When using GLONASS satellites, the time it takes for the receiver to “lock on” to a position is (on average) approximately 20 percent faster than using GPS. And when using both GPS and GLONASS, the receiver has the ability to lock on to 24 more satellites than using GPS alone.

Garmin Oregon 600 series screenshots

Garmin Oregon 600 series screenshots

Updated form factor and customizable buttons

As you can see above, the Oregon series is getting a style refresh too. The new models are 1/10″ inch thinner and 1/10″ wider. It’s also slightly (0.6 ounces) heavier.  One question I haven’t had answered yet is what that is on the lower right front corner of the unit.

The new models are getting “customizable buttons for one-touch image capture and waypoint marking.” Since it appears that there is only one new button, I’m assuming they have also added power button customization, a la the Montana series.

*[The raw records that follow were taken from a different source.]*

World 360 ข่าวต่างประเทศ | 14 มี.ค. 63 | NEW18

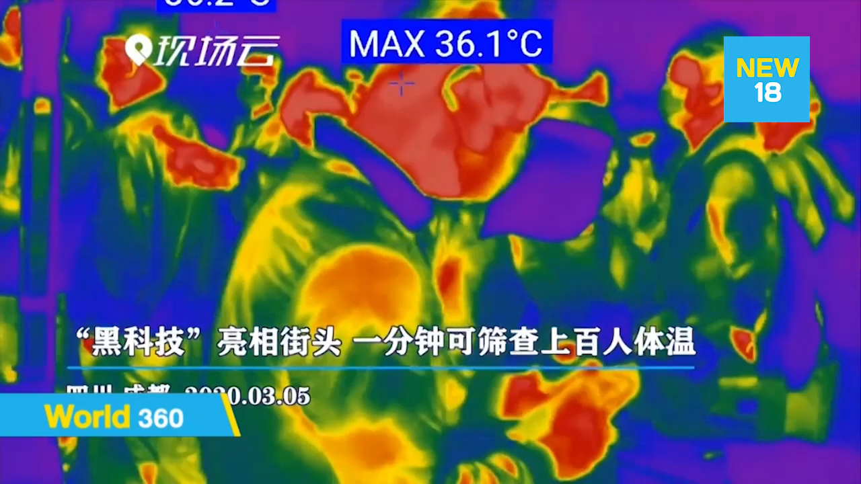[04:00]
On screen: max 36.1°C
นี่แหละค่ะตำรวจจีนในเมืองเฉิงตูม
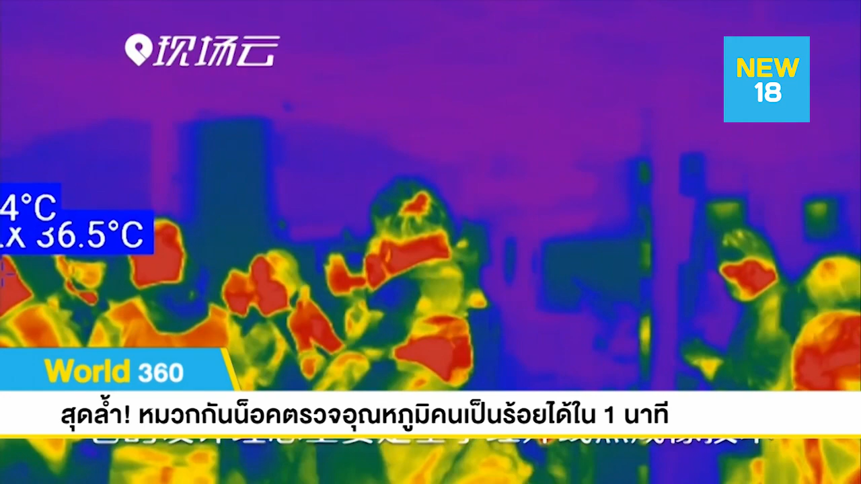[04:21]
นะคะระยะไกลจากหมวกกันน็อกประมาณ5เมตรรอบทิศทางเลยนะคะ1นาทีตรวจได้หมด100คนเลยค่ะหมวกกันน็อกที่ว่านี้คือหมวกกันน็อกอัจฉริยะ
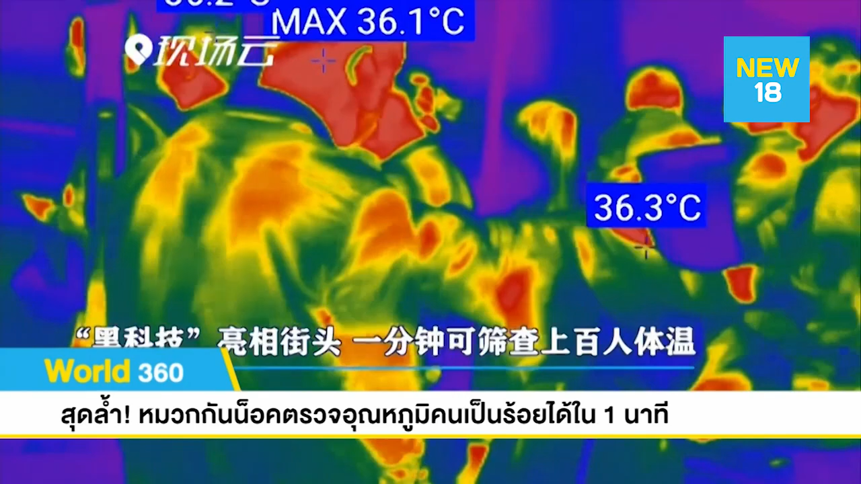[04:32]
On screen: max 36.1°C
N901 นะคะและถ้าพบว่าใครก็ตามที่มีอุณหภูมิร่างกายสูงเกินกว่า 37.3 องศาเซลเซียสเจ้าหมวกกันน็อกก็จะส่งเสียงเตือนทันทีนะคะ
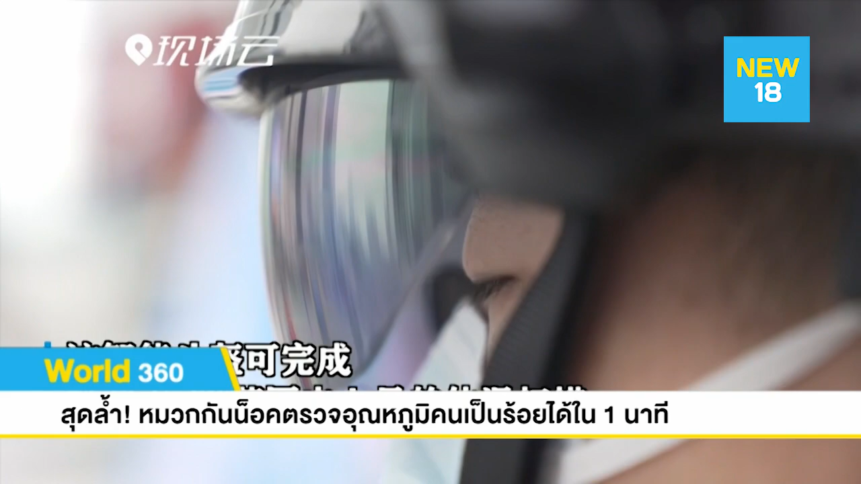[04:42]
แล้วก็จะมีค่าความคลาดเคลื่อนเนี่ยอาจจะยังมีอยู่แต่เพียงแค่เล็กน้อย 0.3
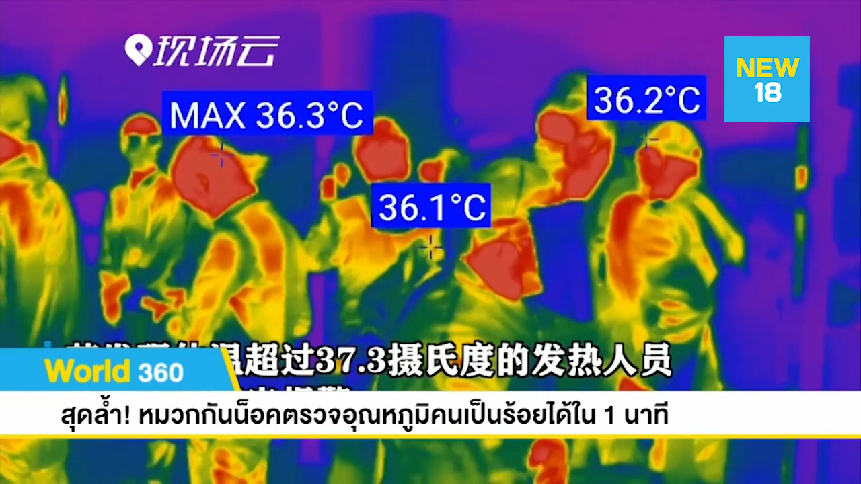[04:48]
On screen: max 36.3°C
เท่านั้นนะคะทางเหลยเถาเจ้าหน้าที่บริษัทเทคโนโลยีอวกาศก
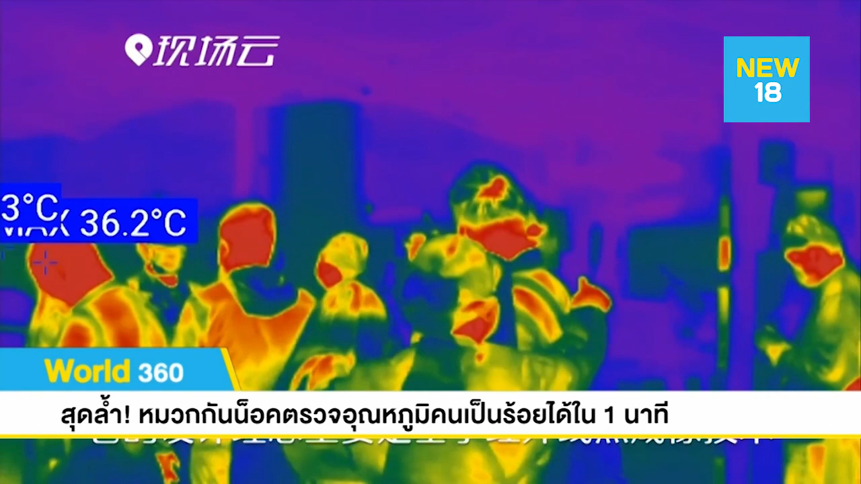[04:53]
On screen: max 36.2°C
วงฉี่เฉิงตูบอกว่าแนวคิดสำคัญในการออกแบบอุปกรณ์ชิ้นนี้ก็คือการใช้เทคโนโลยีถ่ายภาพความร้อนด้วยรังสีอินฟราเรดส่วนจุดเด็ดของเขานะคะก็คือความส
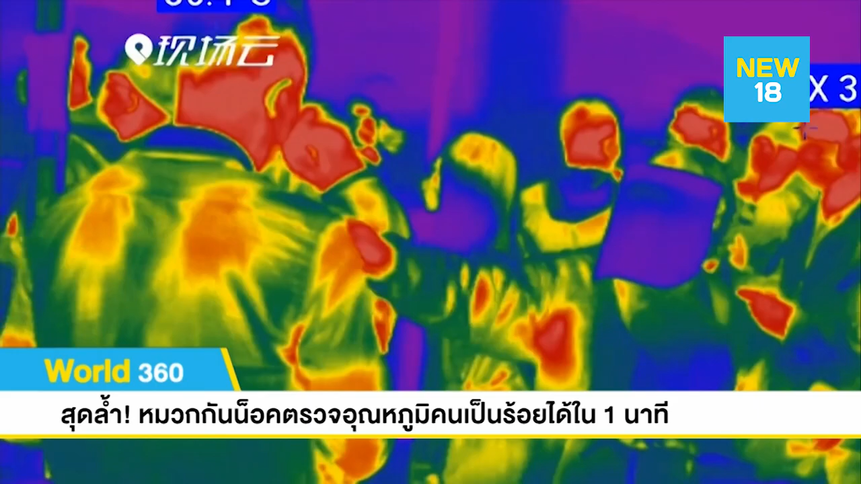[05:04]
ามารถในการตรวจวัดอุณหภูมิบุคคลหนึ่งภายใน 1-2 วินาทีและย
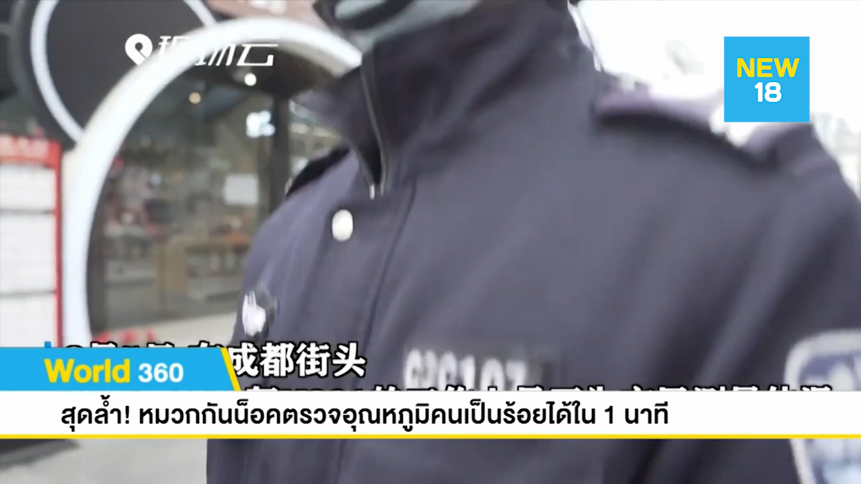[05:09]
ังสามารถตรวจอุณหภูมิของคนประมาณ100คนได้ภายใน1นาทีค่ะมันก็จะฉายภาพแบบที่คุณผู้ชมเห็นเมื่อสักครู่นะคะจะเป็นเหมือนกับว่าเนี่ยเป็นเหมือนกับรัง
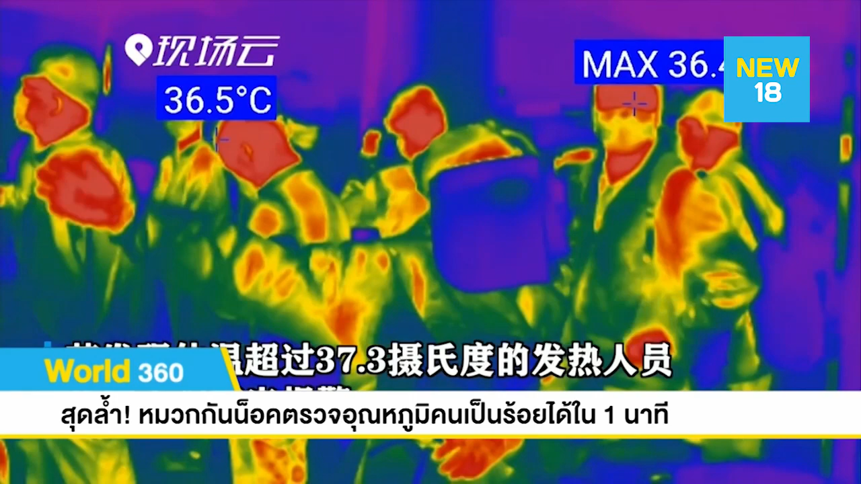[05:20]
On screen: spot 36.5°C
สีสแกนไอ้คนนี้แม็กซิมัม 36.5 36.3 นู่นนี่นั่นแต่ถ้าเกิน 37.3 เมื่อไหร่เนี่ยร้องเตือนทันทีและคนนั้นจะต้องถูกกักตัวมาตรวจเลยนะคะ

Garmin Oregon 600 series side rear views

Garmin Oregon 600 series side and rear views

Multi-touch, capacitive touchscreen

The new models will allow you to zoom, pan and rotate the map using multi-touch. Also noteworthy, this is Garmin’s first handheld to feature a ruggedized capacitive touchscreen (previous models were resistive). And according to the news release:

The reflective display technology boosts touchscreen brightness so much, maps and displays are as vivid in full bright sunlight as they are in shade…Oregon uses the sun’s light to produce a display that is twice as bright compared to the previous models and works with many types of gloves.

Note that while it says this is a reflective screen, that may be dumbed down, as I’ve been told it is in fact a transflective TFT screen.

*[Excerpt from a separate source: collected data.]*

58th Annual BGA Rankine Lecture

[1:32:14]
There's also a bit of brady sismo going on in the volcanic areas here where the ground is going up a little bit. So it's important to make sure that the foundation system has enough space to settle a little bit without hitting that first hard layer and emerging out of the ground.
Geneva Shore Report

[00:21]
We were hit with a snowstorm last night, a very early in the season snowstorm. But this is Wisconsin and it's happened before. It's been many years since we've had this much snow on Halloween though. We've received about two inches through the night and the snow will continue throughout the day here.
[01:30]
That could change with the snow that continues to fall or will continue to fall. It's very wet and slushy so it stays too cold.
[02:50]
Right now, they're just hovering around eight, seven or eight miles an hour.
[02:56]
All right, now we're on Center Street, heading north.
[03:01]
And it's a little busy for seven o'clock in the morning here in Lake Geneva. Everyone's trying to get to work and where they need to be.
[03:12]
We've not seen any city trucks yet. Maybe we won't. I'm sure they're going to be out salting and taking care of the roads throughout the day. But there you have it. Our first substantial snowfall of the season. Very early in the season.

Dual orientation display and nuvi mode

The 600 series can be viewed in portrait or landscape mode and it is also getting a nuvi mode for highway navigation, just like the Montana series.

Garmin Oregon nuvi mode

Garmin Oregon 600 series in landscape nuvi mode

Other interface changes

  • One change is the addition of a couple more data fields to the recreational dashboard
  • The trip computer  now offers multiple pages of data fields, each customizable to 1 of 4 layouts: 2 large, 1 large and 4 small, 6 small or 8 small
  • Advanced Waypoint Management – All data is displayed and editable on one screen; delete one or multiple waypoints at a time from the Waypoint Manager menu
  • Shortcuts – Launch apps, switch Profiles, apply settings and start navigating with one touch

There is also a new “full track view,” although I haven’t quite figured out how this differs from what we have now:

Also new to the Oregon is the full track view—where users will see the entire elevation plot and quickly move their zoomed view to any place on the plot. Future plot uses users’ mapping data to show them what to expect ahead.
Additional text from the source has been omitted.